Brazil’s Acting President Michel Temer will speak with Parente, the former president of agribusiness giant Bunge Ltd.’s Brazil unit and chief operating officer of multimedia company Grupo RBS, to try to convince him to lead the world’s biggest deep-water producer, said a spokeswoman for Temer’s chief of staff. Parente was also an energy minister under former president Fernando Henrique Cardoso, where he gained experience managing a national crisis when he oversaw energy rationing during a 2002 drought.
Parente as Petrobras’s chief executive would fit with Temer’s plans to form an investor-friendly economic team in an effort to restore growth in Latin America’s largest economy. The company is in the midst of an asset disposal program that has resulted in sales of about $2.1 billion since last year.

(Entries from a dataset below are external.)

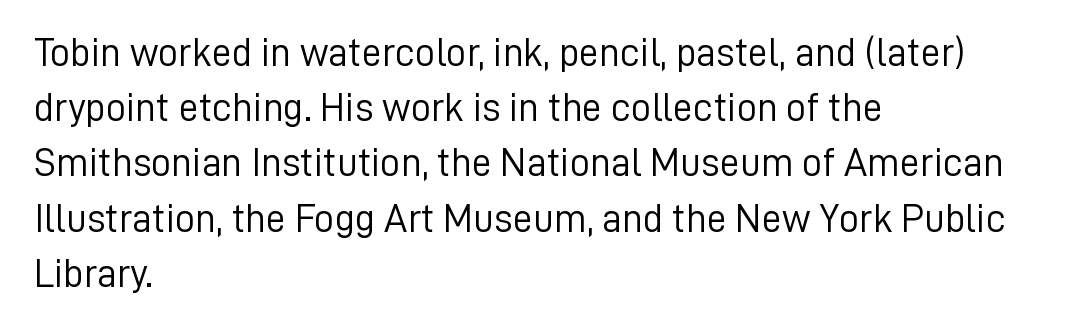
The image shows 40 px light sans-serif type, upright; set left-aligned, normal line spacing (1.38x), normal letter spacing, not underlined; low stroke contrast and a medium x-height.
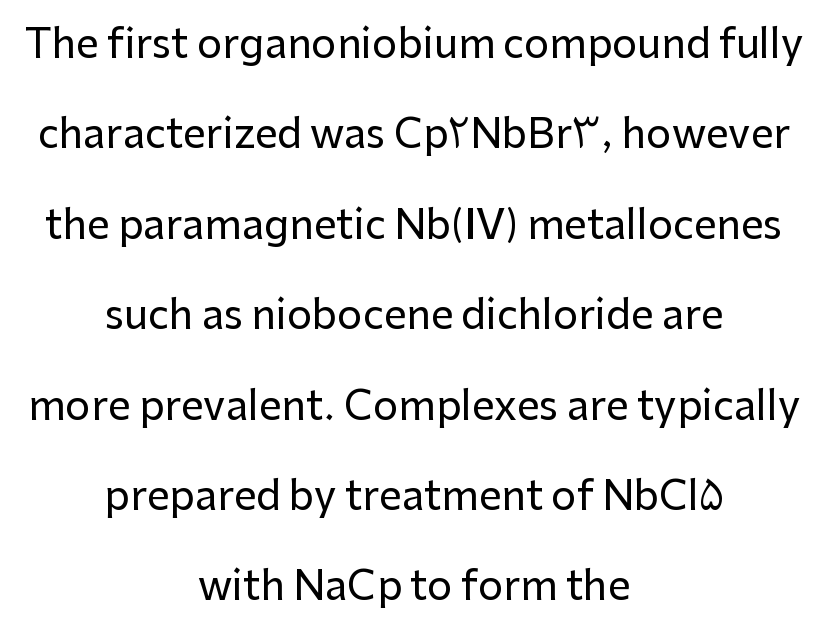
Q: Is the text italic (slanted)? A: No, it is upright.
Q: Is the typeface a serif or a sans-serif typeface? A: Sans-serif.
Q: Is the text underlined? A: No.
Q: How is the paragraph aligned? A: Centered.
Q: Is the spacing between letters normal or unusually wide? A: Normal.
Q: Is the spacing between lines tight, normal or loose? A: Loose.
Q: Width (condensed, normal, or wide)? A: Normal.
Q: Stroke contrast? A: Low.
Q: x-height? A: Medium.
Q: Monospaced? A: No.
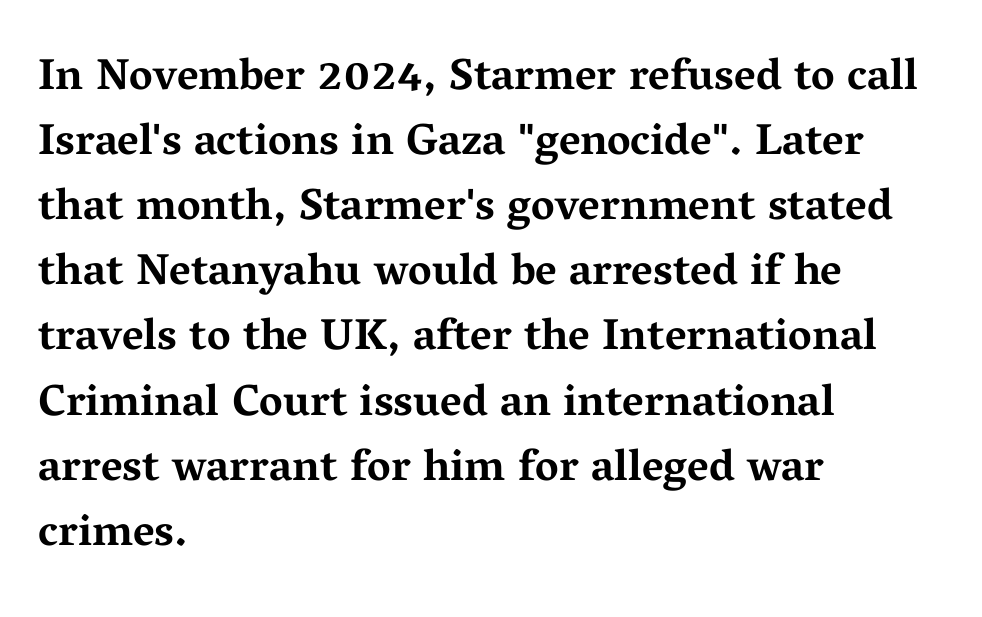
Q: Is the text bold? A: Yes.
Q: Is the text italic (slanted)? A: No, it is upright.
Q: Is the typeface a serif or a sans-serif typeface? A: Serif.
Q: Is the text underlined? A: No.
Q: How is the paragraph aligned? A: Left-aligned.
Q: Is the spacing between letters normal or unusually wide? A: Normal.
Q: Is the spacing between lines tight, normal or loose? A: Normal.
Q: Width (condensed, normal, or wide)? A: Wide.
Q: Stroke contrast? A: Medium.
Q: x-height? A: Medium.
Q: Monospaced? A: No.

Temer is expected to accelerate privatizations, including the possible sale of Petrobras’s fuel distribution business, to help close the budget deficit and win the confidence of investors, a government official with direct knowledge of the matter said this week.
The company may need government support as early as 2017 if it fails to raise a planned $14.1 billion from asset sales this year, Moody’s Investors Service said in a research report Thursday. Petrobras may also have difficulties refinancing an estimated $21 billion of debt coming due by the end of 2017 given its limited access to capital markets, Moody’s said.
Rio de Janeiro-based Petrobras is also defending itself against a class action lawsuit in the U.S., a source of concern for investors who have already seen the company report billions of dollars in graft-related losses and impairments from unprofitable investments, including refinery projects that remain unfinished. The host of financial and legal challenges facing the company had discouraged some Brazil’s leading oil executives from seeking the job.